Task details: Nothing but the pictures gets dropped; retype every entry exactly.

Study material:
+--
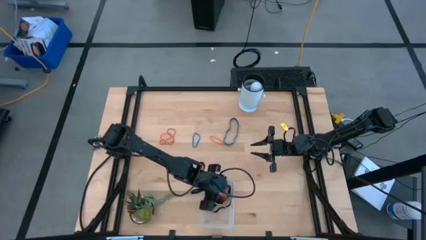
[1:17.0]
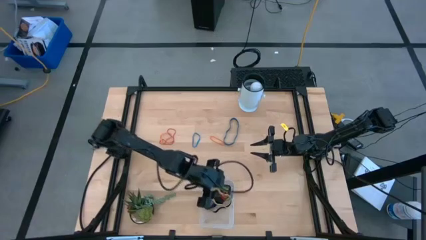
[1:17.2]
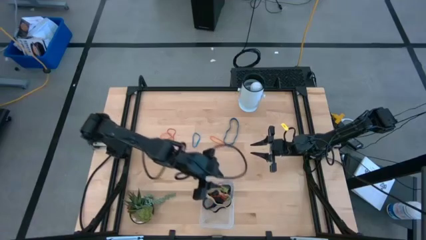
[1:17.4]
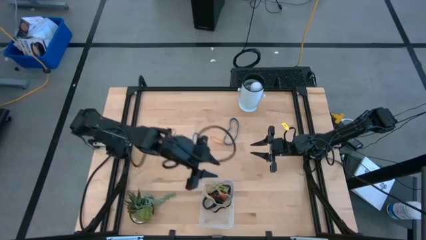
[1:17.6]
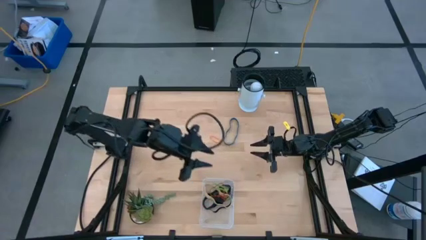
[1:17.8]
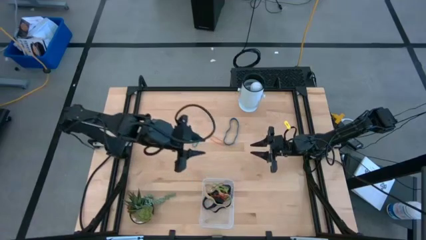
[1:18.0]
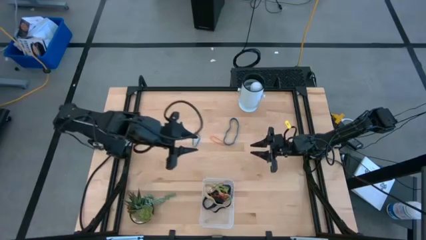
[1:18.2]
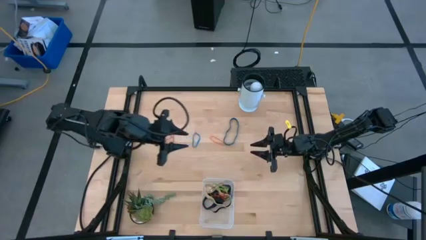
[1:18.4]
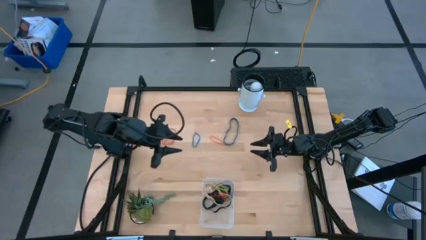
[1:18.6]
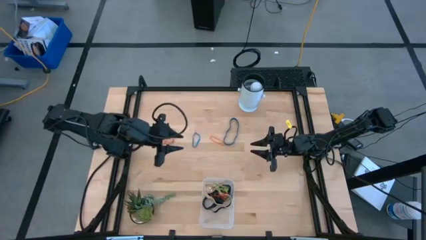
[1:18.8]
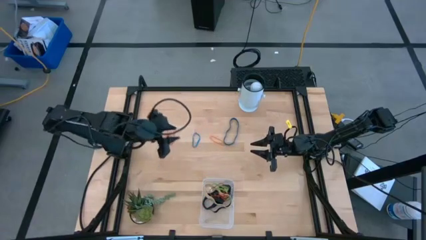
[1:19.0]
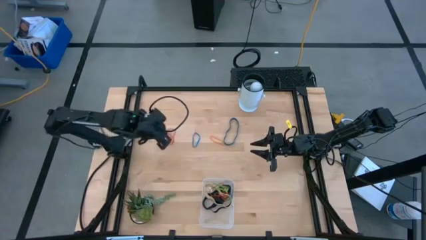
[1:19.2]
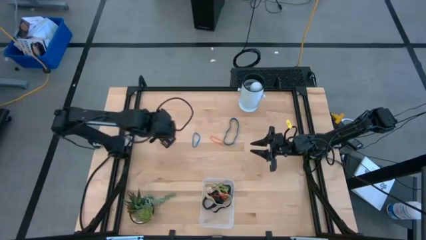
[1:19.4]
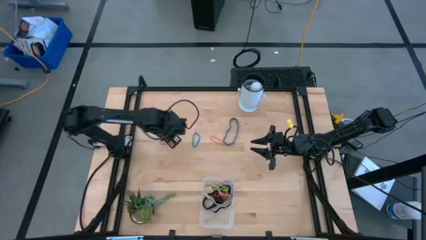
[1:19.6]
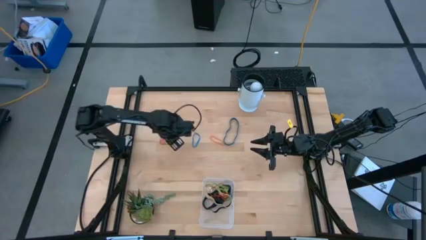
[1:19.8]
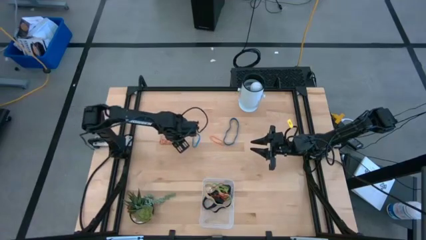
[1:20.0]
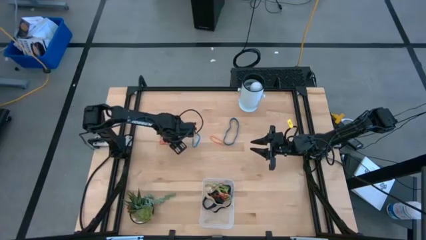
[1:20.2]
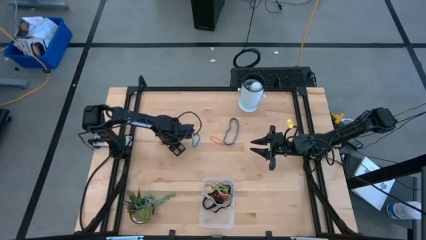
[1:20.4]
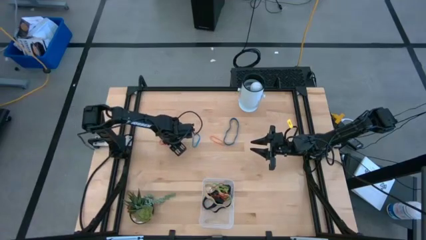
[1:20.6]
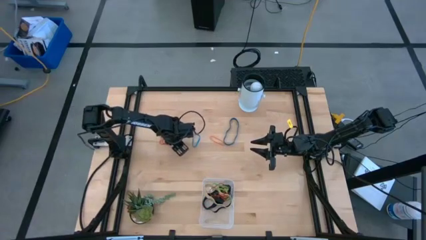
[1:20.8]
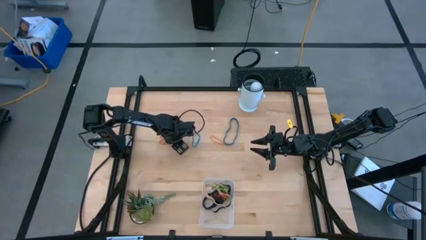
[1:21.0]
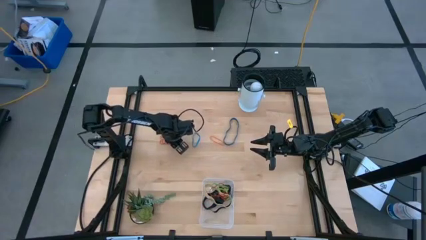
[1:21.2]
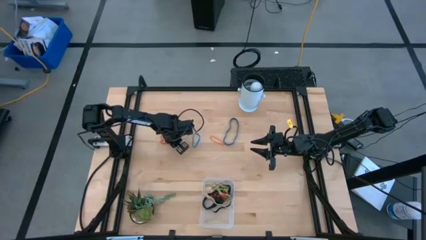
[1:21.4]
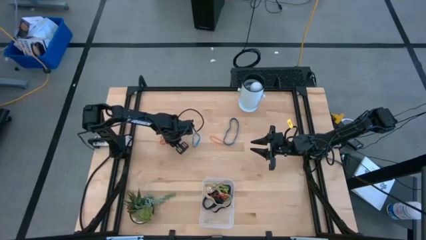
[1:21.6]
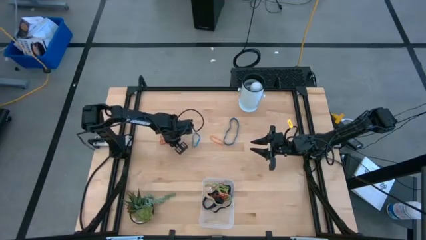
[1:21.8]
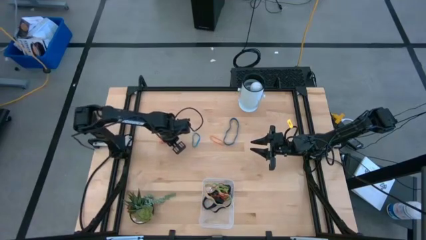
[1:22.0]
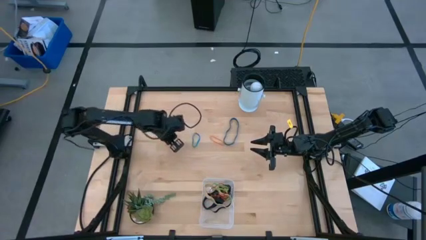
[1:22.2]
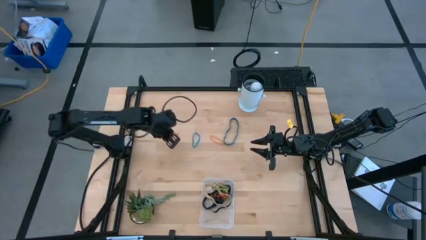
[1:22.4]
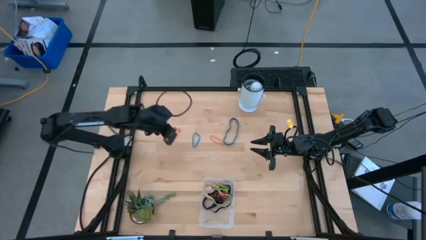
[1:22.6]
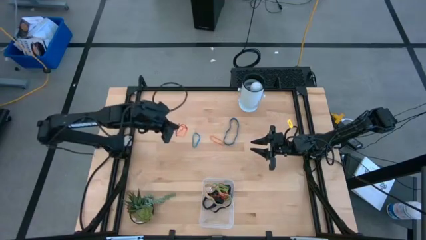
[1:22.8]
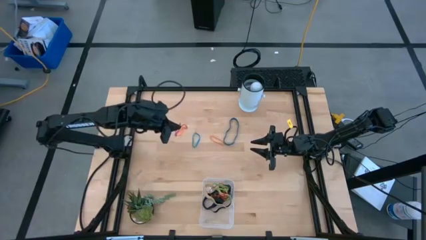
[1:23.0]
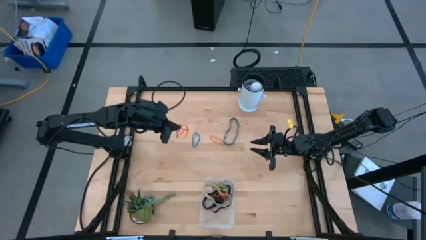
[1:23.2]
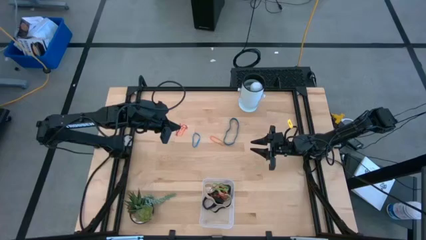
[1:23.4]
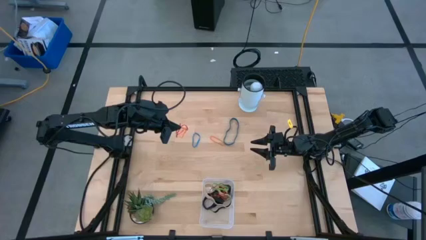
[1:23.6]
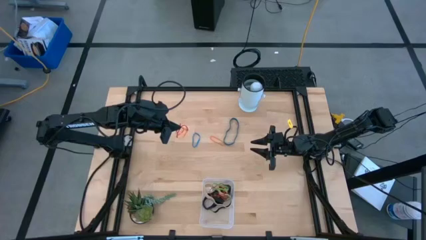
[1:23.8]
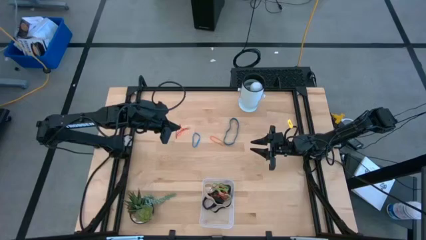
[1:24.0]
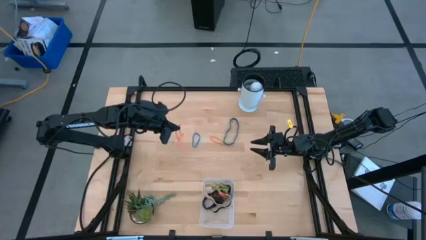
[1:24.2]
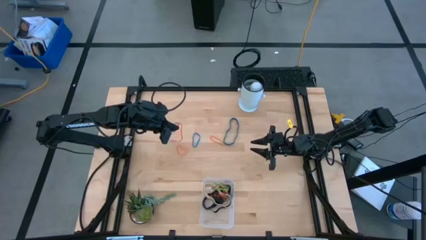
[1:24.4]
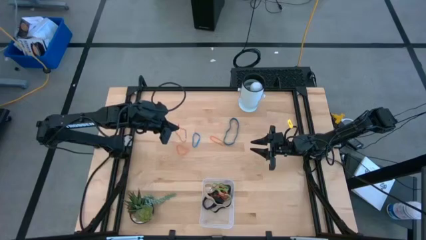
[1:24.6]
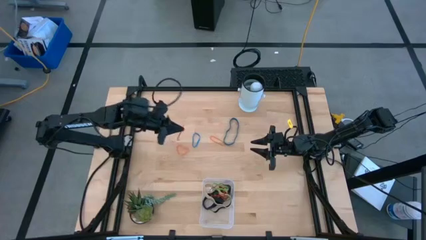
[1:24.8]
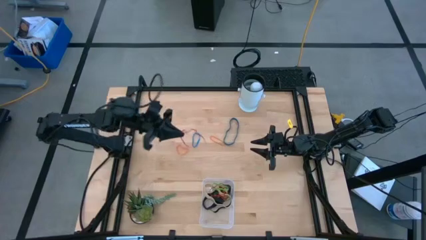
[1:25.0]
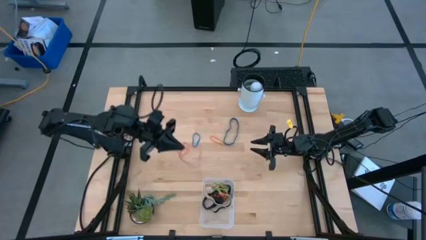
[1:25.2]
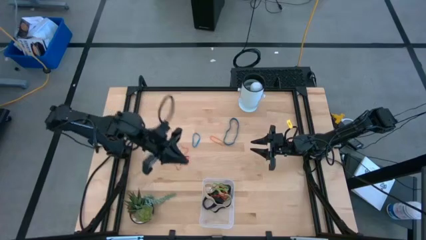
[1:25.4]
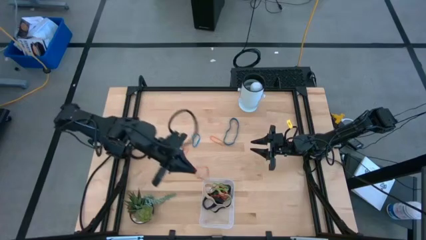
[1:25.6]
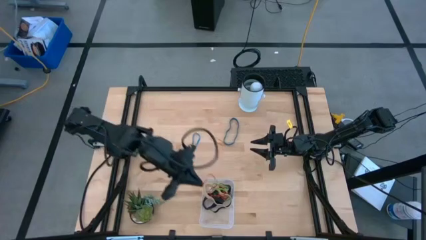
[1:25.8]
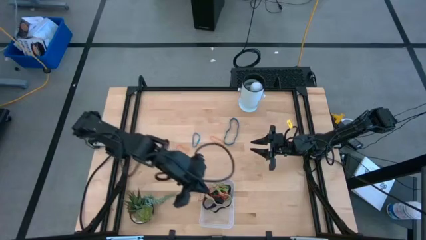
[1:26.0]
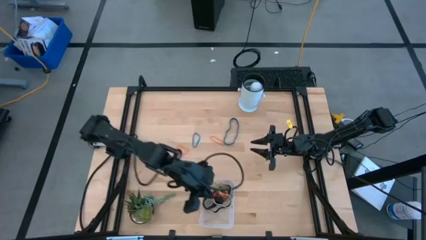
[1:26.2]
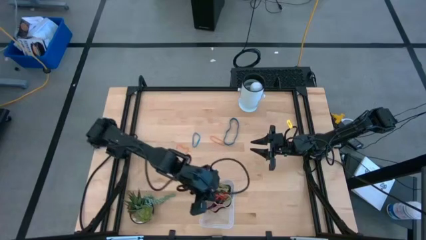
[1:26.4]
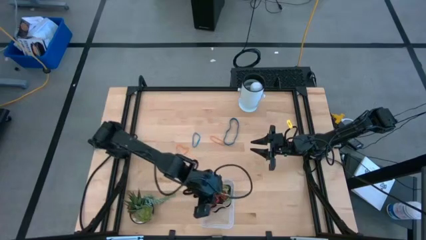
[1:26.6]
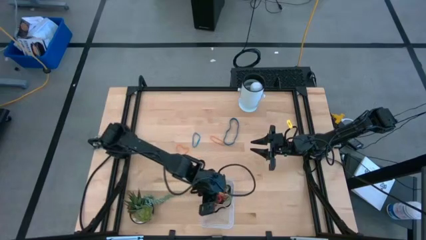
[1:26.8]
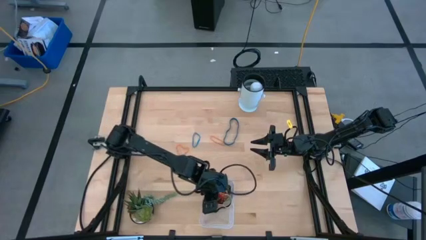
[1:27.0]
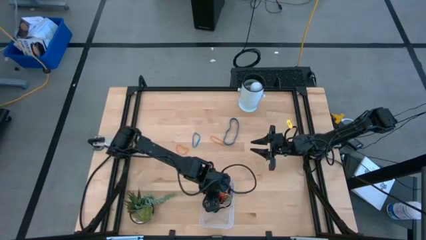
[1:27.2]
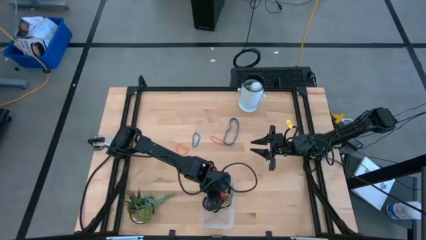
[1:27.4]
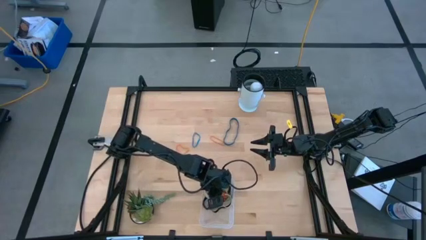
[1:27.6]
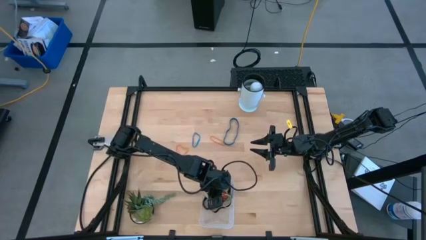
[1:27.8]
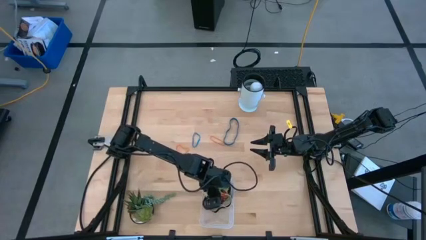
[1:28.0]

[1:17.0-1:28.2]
Task: Pick and place rubber bands into bin
Put the red rubber band into the transparent bin
+--
Task solution:
[1:17.0]
[1:17.2]
[1:17.4]
[1:17.6]
[1:17.8]
[1:18.0]
[1:18.2]
[1:18.4]
[1:18.6]
[1:18.8]
[1:19.0]
[1:19.2]
[1:19.4]
[1:19.6]
[1:19.8]
[1:20.0]
[1:20.2]
[1:20.4]
[1:20.6]
[1:20.8]
[1:21.0]
[1:21.2]
[1:21.4]
[1:21.6]
[1:21.8]
[1:22.0]
[1:22.2]
[1:22.4]
[1:22.6]
[1:22.8]
[1:23.0]
[1:23.2]
[1:23.4]
[1:23.6]
[1:23.8]
[1:24.0]
[1:24.2]
[1:24.4]
[1:24.6]
[1:24.8]
[1:25.0]
[1:25.2]
[1:25.4]
[1:25.6]
[1:25.8]
[1:26.0]
[1:26.2]
[1:26.4]
[1:26.6]
[1:26.8]
[1:27.0]
[1:27.2]
[1:27.4]
[1:27.6]
[1:27.8]
[1:28.0]

[1:17.0-1:28.2]
Task: Pick and place rubber bands into bin
Put the red rubber band into the transparent bin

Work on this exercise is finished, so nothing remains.